Seven of the 10 patients who continued therapy for at least a month reported a decrease in itch scores of at least three points. That reduction was sustained for the duration of the treatment period — which was more than two months, on average — in most cases. Three of these patients also reported notable reductions in pain intensity after a month on treatment.

Also of importance, eight of the 12 total patients experienced a reduction in new blisters after starting treatment, and many had less skin redness, which is a sign of inflammation.

“Given the significant correlation between the reduced blister formation and reduced itch intensity, JAK inhibitors could effectively break the vicious cycle of itch-scratch-blister formation in DEB patients,” the scientists wrote.

Subgroup analyses indicated that the efficacy of these therapies for easing itch was similar in patients with recessive or dominant DEB. The researchers noted that itch scores tended to decrease more in patients given baricitinib than in those given upadacitinib, but the difference was not statistically significant — meaning it’s mathematically plausible this difference might be due to random chance.

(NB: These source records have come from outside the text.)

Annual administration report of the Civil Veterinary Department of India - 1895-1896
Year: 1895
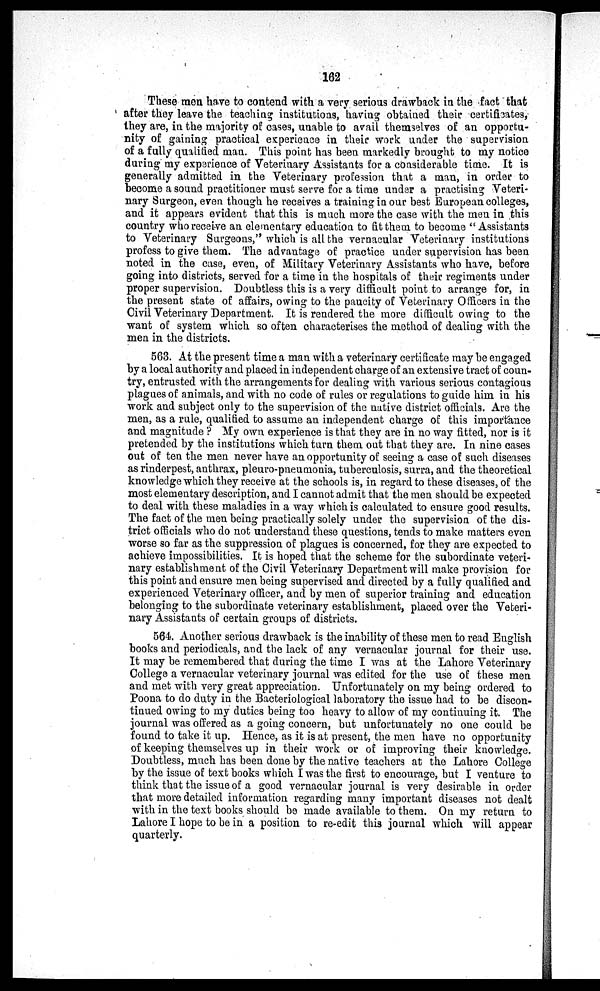
162
These men have to contend with a very serious drawback in the fact that
after they leave the teaching institutions, having obtained their certificates,
they are, in the majority of cases, unable to avail themselves of an opportu-
nity of gaining practical experience in their work under the supervision
of a fully qualified man. This point has been markedly brought to my notice
during my experience of Veterinary Assistants for a considerable time. It is
generally admitted in the Veterinary profession that a man, in order to
become a sound practitioner must serve for a time under a practising Veteri-
nary Surgeon, even though he receives a training in our best European colleges,
and it appears evident that this is much more the case with the men in this
country who receive an elementary education to fit them to become "Assistants
to Veterinary Surgeons," which is all the vernacular Veterinary institutions
profess to give them. The advantage of practice under supervision has been
noted in the case, even, of Military Veterinary Assistants who have, before
going into districts, served for a time in the hospitals of their regiments under
proper supervision. Doubtless this is a very difficult point to arrange for, in
the present state of affairs, owing to the paucity of Veterinary Officers in the
Civil Veterinary Department. It is rendered the more difficult owing to the
want of system which so often characterises the method of dealing with the
men in the districts.
563. At the present time a man with a veterinary certificate may be engaged
by a local authority and placed in independent charge of an extensive tract of coun-
try, entrusted with the arrangements for dealing with various serious contagious
plagues of animals, and with no code of rules or regulations to guide him in his
work and subject only to the supervision of the native district officials. Are the
men, as a rule, qualified to assume an independent charge of this importance
and magnitude ? My own experience is that they are in no way fitted, nor is it
pretended by the institutions which turn them out that they are. In nine cases
out of ten the men never have an opportunity of seeing a case of such diseases
as rinderpest, anthrax, pleuro-pneumonia, tuberculosis, surra, and the theoretical
knowledge which they receive at the schools is, in regard to these diseases, of the
most elementary description, and I cannot admit that the men should be expected
to deal with these maladies in a way which is calculated to ensure good results.
The fact of the men being practically solely under the supervision of the dis-
trict officials who do not understand these questions, tends to make matters even
worse so far as the suppression of plagues is concerned, for they are expected to
achieve impossibilities. It is hoped that the scheme for the subordinate veteri-
nary establishment of the Civil Veterinary Department will make provision for
this point and ensure men being supervised and directed by a fully qualified and
experienced Veterinary officer, and by men of superior training and education
belonging to the subordinate veterinary establishment, placed over the Veteri-
nary Assistants of certain groups of districts.
564. Another serious drawback is the inability of these men to read English
books and periodicals, and the lack of any vernacular journal for their use.
It may be remembered that during the time I was at the Lahore Veterinary
College a vernacular veterinary journal was edited for the use of these men
and met with very great appreciation. Unfortunately on my being ordered to
Poona to do duty in the Bacteriological laboratory the issue had to be discon-
tinued owing to my duties being too heavy to allow of my continuing it. The
journal was offered as a going concern, but unfortunately no one could be
found to take it up. Hence, as it is at present, the men have no opportunity
of keeping themselves up in their work or of improving their knowledge.
Doubtless, much has been done by the native teachers at the Lahore College
by the issue of text books which I was the first to encourage, but I venture to
think that the issue of a good vernacular journal is very desirable in order
that more detailed information regarding many important diseases not dealt
with in the text books should be made available to them. On my return to
Lahore I hope to be in a position to re-edit this journal which will appear
quarterly.

None of the patients experienced any severe side effects related to either therapy, though one person on baricitinib stopped taking the medication due to side effects including fatigue and frequent ear infections, known as otitis media. The researchers stressed, however, that this was a short study, so more research is needed to verify whether these therapies can be safely used long-term in DEB patients.

The team also noted that this was a small and retrospective analysis, so it’s impossible to draw definitive conclusions about efficacy from these data alone. As such, the scientists called for further large-scale studies to evaluate the safety and potential efficacy of these arthritis medications to help manage symptoms of DEB.